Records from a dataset
____________________
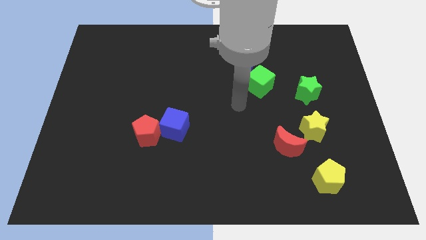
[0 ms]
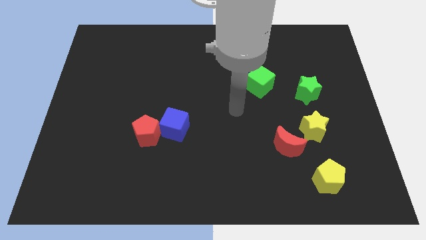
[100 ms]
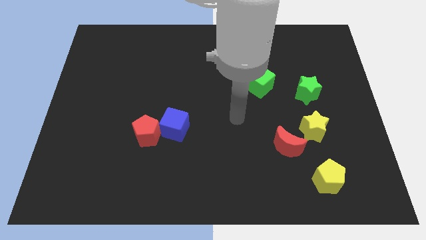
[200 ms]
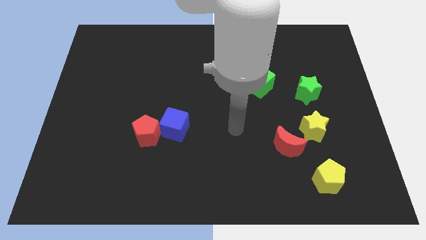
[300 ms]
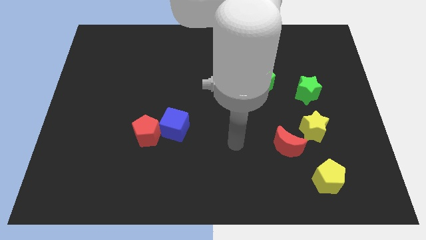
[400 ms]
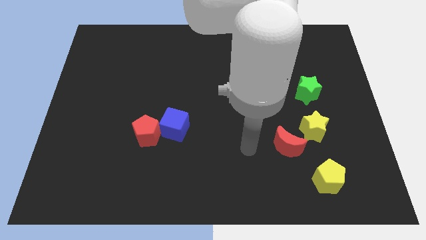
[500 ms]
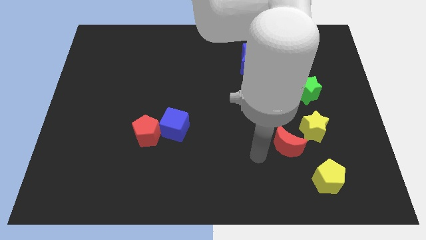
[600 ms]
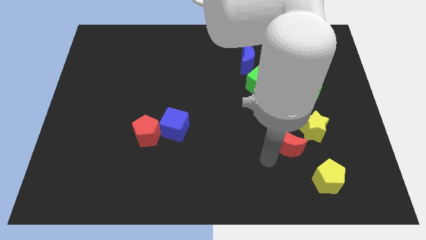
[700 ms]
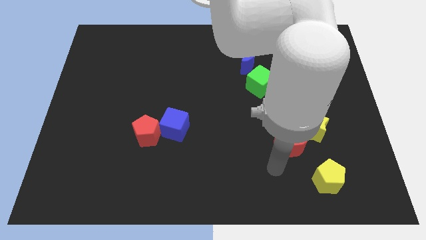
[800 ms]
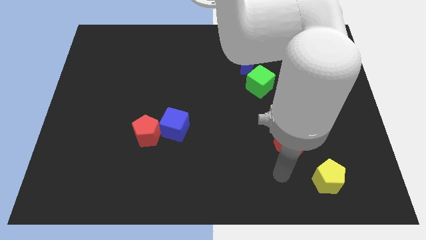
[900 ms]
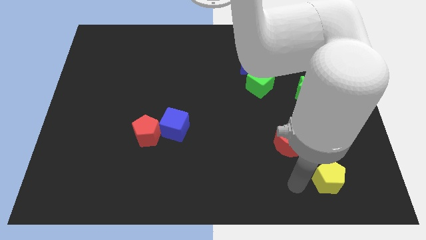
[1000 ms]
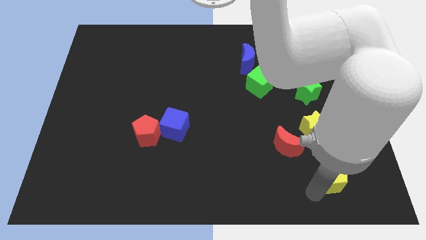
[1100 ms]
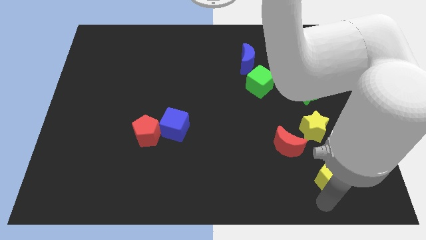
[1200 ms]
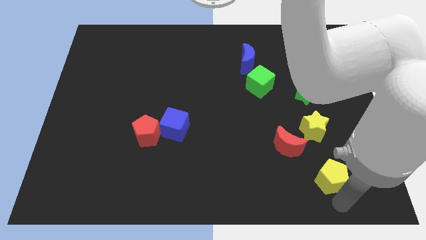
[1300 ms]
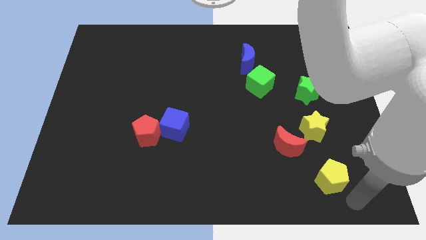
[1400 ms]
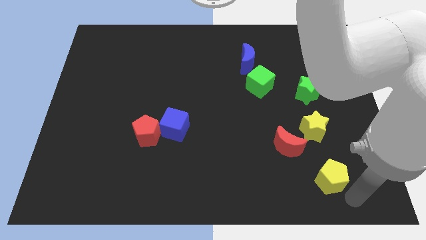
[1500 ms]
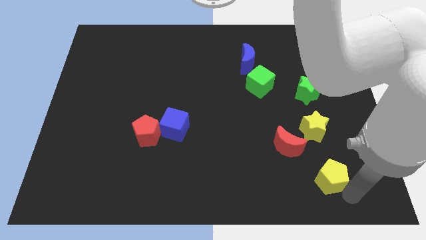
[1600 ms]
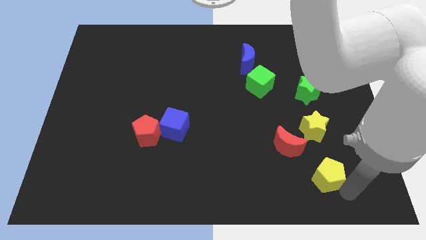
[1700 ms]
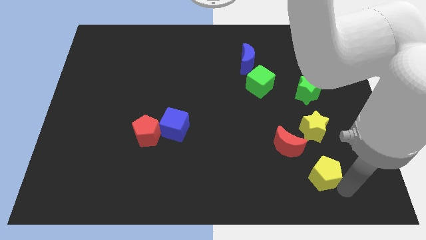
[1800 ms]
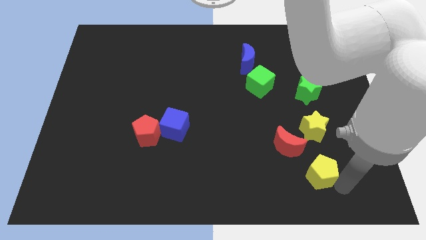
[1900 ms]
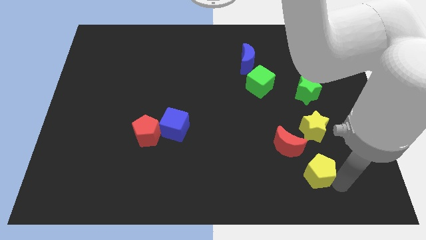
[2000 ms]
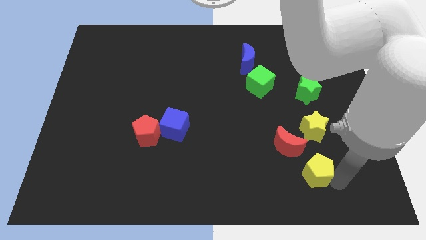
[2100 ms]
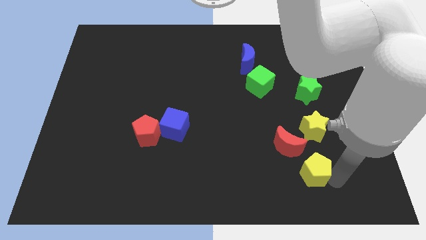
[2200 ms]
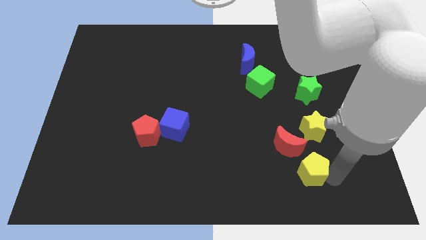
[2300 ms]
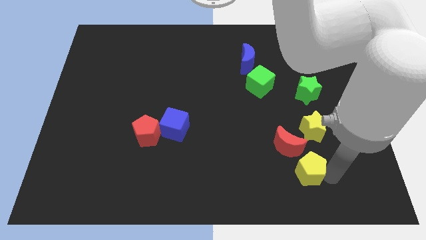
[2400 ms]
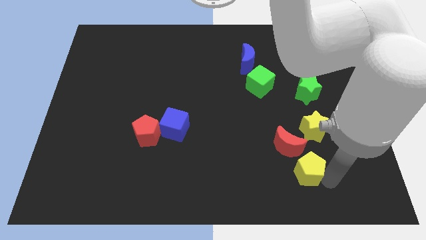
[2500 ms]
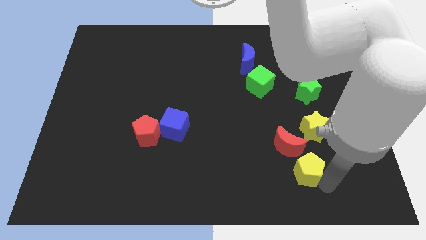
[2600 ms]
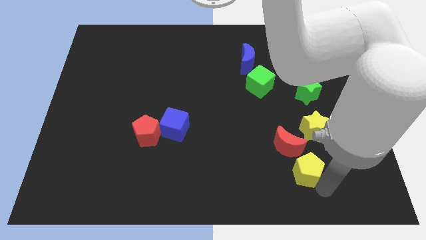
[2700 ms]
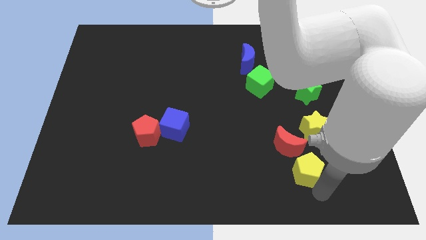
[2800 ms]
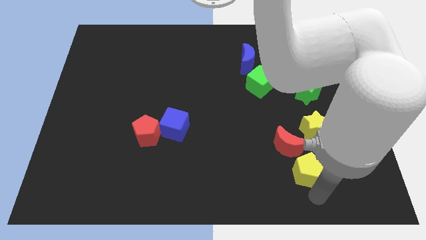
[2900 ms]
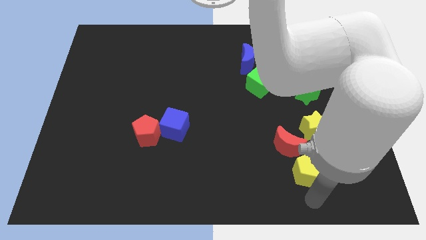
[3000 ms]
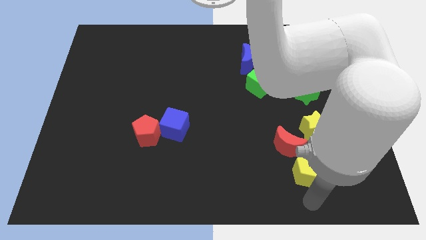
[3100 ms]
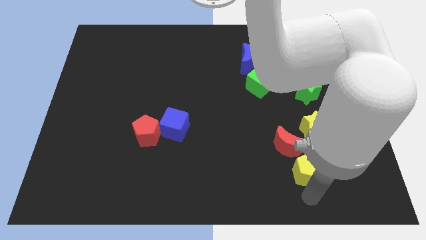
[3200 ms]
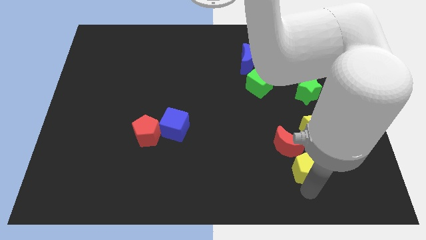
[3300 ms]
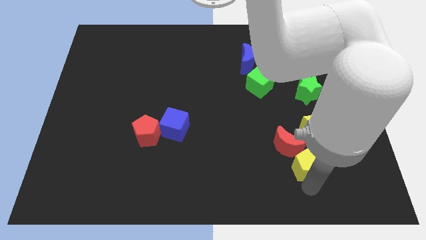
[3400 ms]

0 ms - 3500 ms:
put the yellow pentagon towards the red moon
____________________
▶ HOW TO COMPLETE THIS TASK
You need to copy every entry exactly, taking out only the pictures.

▶ TASK RESULT
[0 ms]
[100 ms]
[200 ms]
[300 ms]
[400 ms]
[500 ms]
[600 ms]
[700 ms]
[800 ms]
[900 ms]
[1000 ms]
[1100 ms]
[1200 ms]
[1300 ms]
[1400 ms]
[1500 ms]
[1600 ms]
[1700 ms]
[1800 ms]
[1900 ms]
[2000 ms]
[2100 ms]
[2200 ms]
[2300 ms]
[2400 ms]
[2500 ms]
[2600 ms]
[2700 ms]
[2800 ms]
[2900 ms]
[3000 ms]
[3100 ms]
[3200 ms]
[3300 ms]
[3400 ms]

0 ms - 3500 ms:
put the yellow pentagon towards the red moon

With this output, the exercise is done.